We have examined and understood the differences between User Mode and Kernel Mode and the reasons for their existence so far. So, how does User Mode communicate with Kernel Mode? For example, a simple C code you write may ask you for an input. You transmit this input to the application via your keyboard, but as we said before, applications running in User Mode do not have the ability to access peripheral devices. Only Operating System can do this. In other words, if an application running in User Mode wants to perform an action that is not within its authorization, it requests the operating system to do it for itself. This is where the System Call mechanism comes into play. User Mode applications can run in Kernel Mode with this mechanism, but they have no control over the instructions which will be performed in Kernel mode, they can only act with higher privileges on the route given to them. The System Call mechanism has been implemented on CPUs as a trap instruction. We can call this mechanism a syscall or a trap instruction, they are the same thing. So how does this mechanism work? At bootup, kernel sets MSR_LSTAR register to point to the syscall handler routine, so the path to be followed during any syscall is determined, and thus the route we mentioned above has emerged. Before the application performs the syscall instruction, it puts values in registers or creates a stackframe containing the arguments to indicate what it wants to request from the Operating System. In the next step, syscall instrustion is run, Privilege Level switches to Ring 0 from this moment, Return address is assigned to RCX, and RIP is directed to syscall Handler by assigning value of MSR_LSTAR. Here, syscall Handler evaluates the desired service and arguments and performs this request in Kernel Mode. After the requests of the application running in User Mode are done, it is time to go home. At this point, a return instruction equivalent to syscall is used, for example, sysret. The sysret instruction, which will be triggered upon returning, has a structure that will completely reverse what syscall has done.

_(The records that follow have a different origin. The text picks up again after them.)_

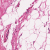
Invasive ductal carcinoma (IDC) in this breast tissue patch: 0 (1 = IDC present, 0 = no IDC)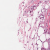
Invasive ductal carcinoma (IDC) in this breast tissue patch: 1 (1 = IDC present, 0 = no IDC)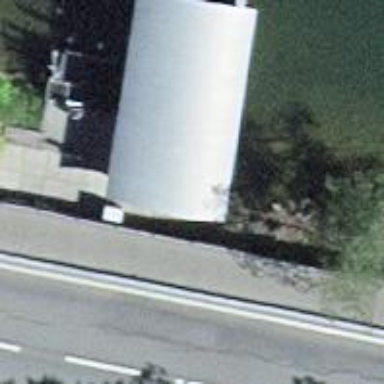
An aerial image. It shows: View of roof of building.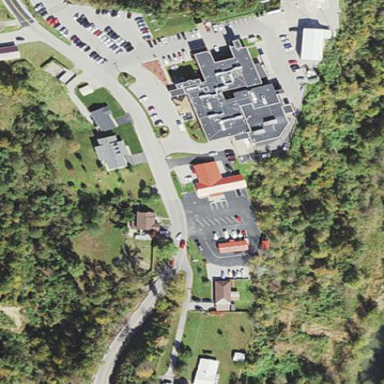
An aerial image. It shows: Hospital.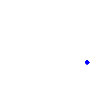
Particle: proton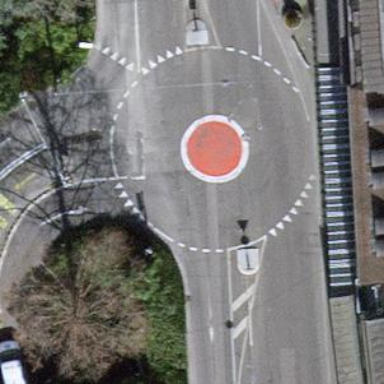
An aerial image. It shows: Mini roundabout on the road.
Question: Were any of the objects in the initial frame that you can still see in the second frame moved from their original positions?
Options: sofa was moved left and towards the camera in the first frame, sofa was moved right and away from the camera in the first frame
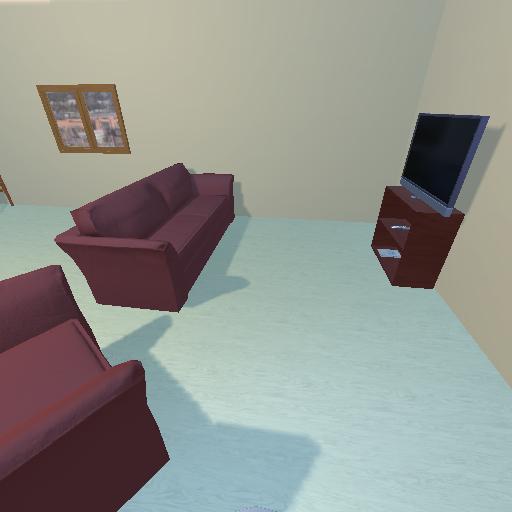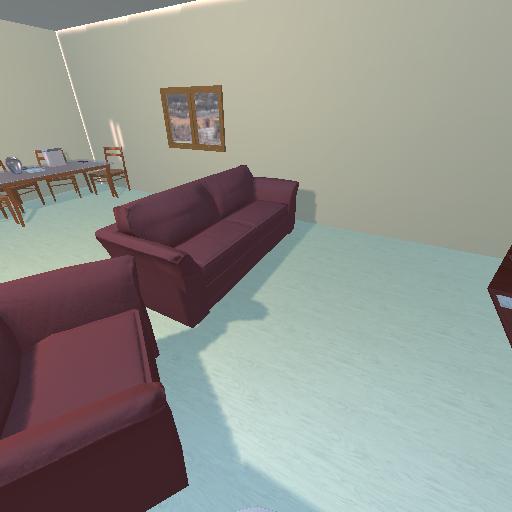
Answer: sofa was moved left and towards the camera in the first frame
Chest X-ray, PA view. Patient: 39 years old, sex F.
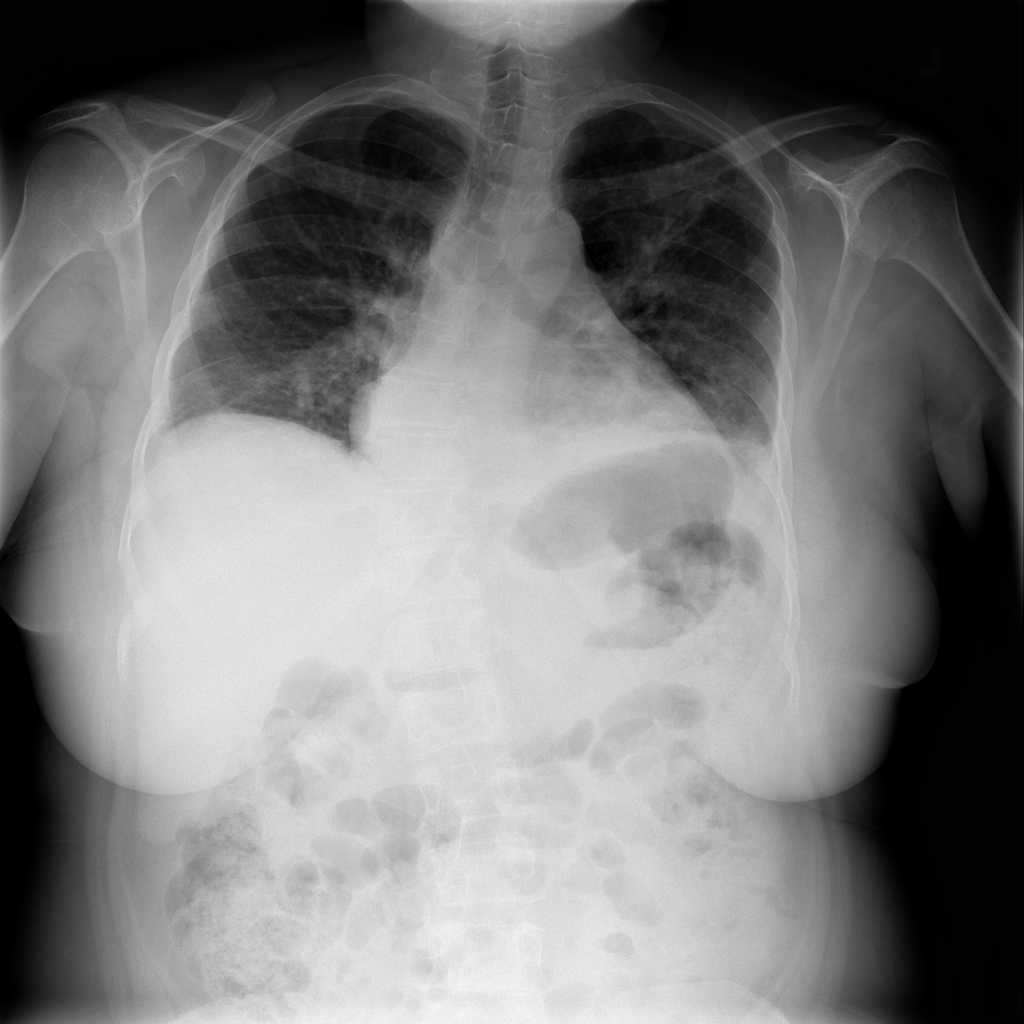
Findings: Consolidation, Effusion, Infiltration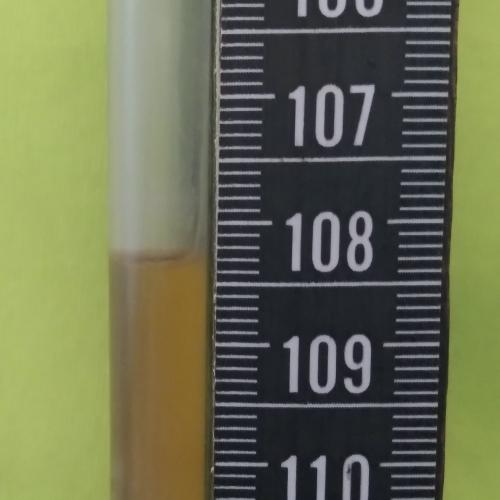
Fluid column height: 108.3 cm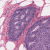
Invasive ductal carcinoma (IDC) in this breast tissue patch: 0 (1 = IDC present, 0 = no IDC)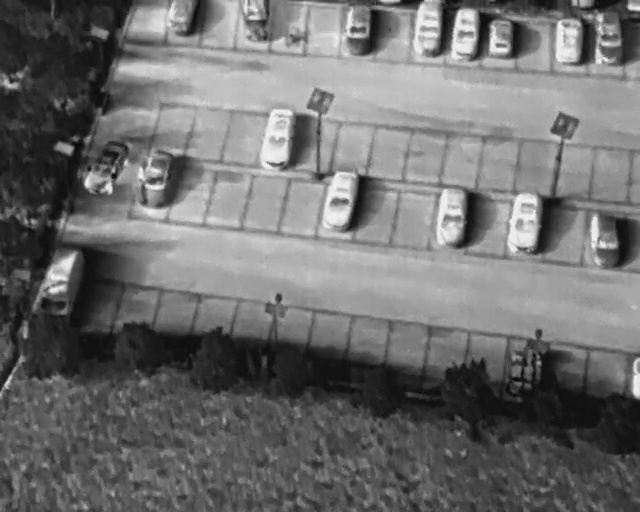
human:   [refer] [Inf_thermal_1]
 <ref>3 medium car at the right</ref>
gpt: <box>[[89, 44, 98, 49, 178], [76, 40, 87, 46, 5], [65, 39, 76, 45, 2]]</box>

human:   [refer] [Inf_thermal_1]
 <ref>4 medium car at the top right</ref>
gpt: <box>[[90, 4, 99, 10, 2], [85, 4, 92, 10, 2], [75, 4, 81, 9, 2], [69, 3, 76, 9, 6]]</box>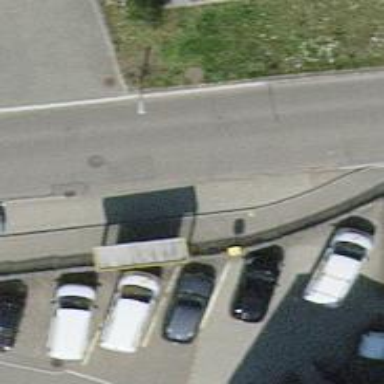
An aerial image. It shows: Bus stop with stop position for public transport.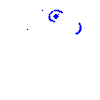
Particle: pion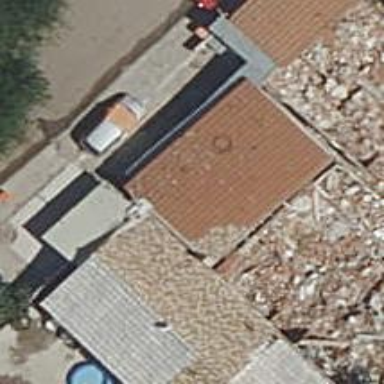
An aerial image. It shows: Residential building.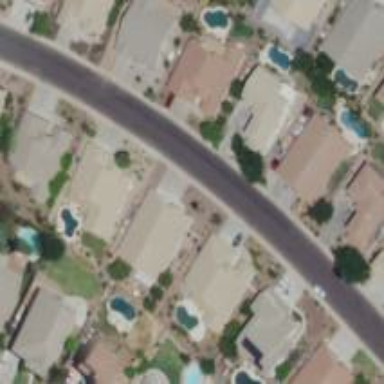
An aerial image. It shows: Asphalt road in residential area.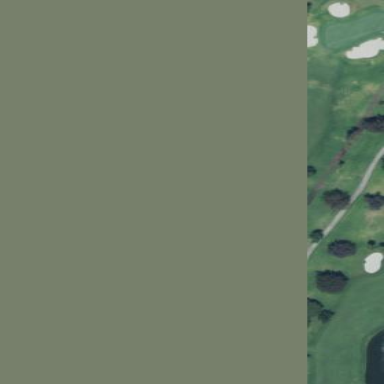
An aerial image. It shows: Golf fairway in the image.
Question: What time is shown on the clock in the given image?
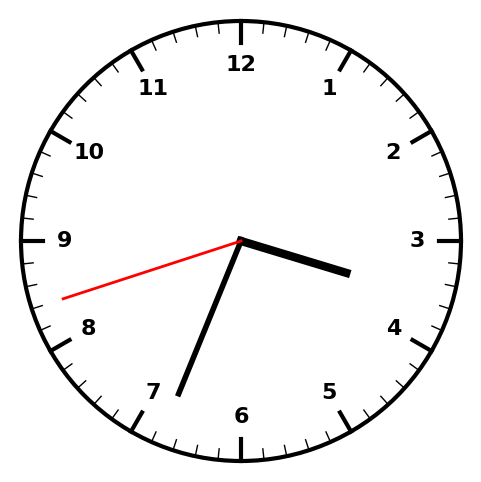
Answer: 03:33:42

Switches Privilege Level to Ring 3. Jumps Control Flow to the value stored in the RCX register. And the return home is carried out successfully.
Here is a step by step list of what syscall and sysret instructions do.
High Level Overview of Switching from User to Kernel Mode (syscall):
-At bootup, Kernel sets MSR_LSTAR register to point to the syscall handler routine.
-When User Mode process wants to interact with Kernel, it calls syscall instruction.
-CPU Privilege Level switches to Ring 0.
–RIP register is set with the value of MSR_LSTAR register.
-Return address stored in RCX register.
High Level Overview Of Switching from Kernel to Usermode (sysret):
-After completing the syscall task, Kernel calls sysret instruction.
– CPU Privilege Level switches to Ring 3.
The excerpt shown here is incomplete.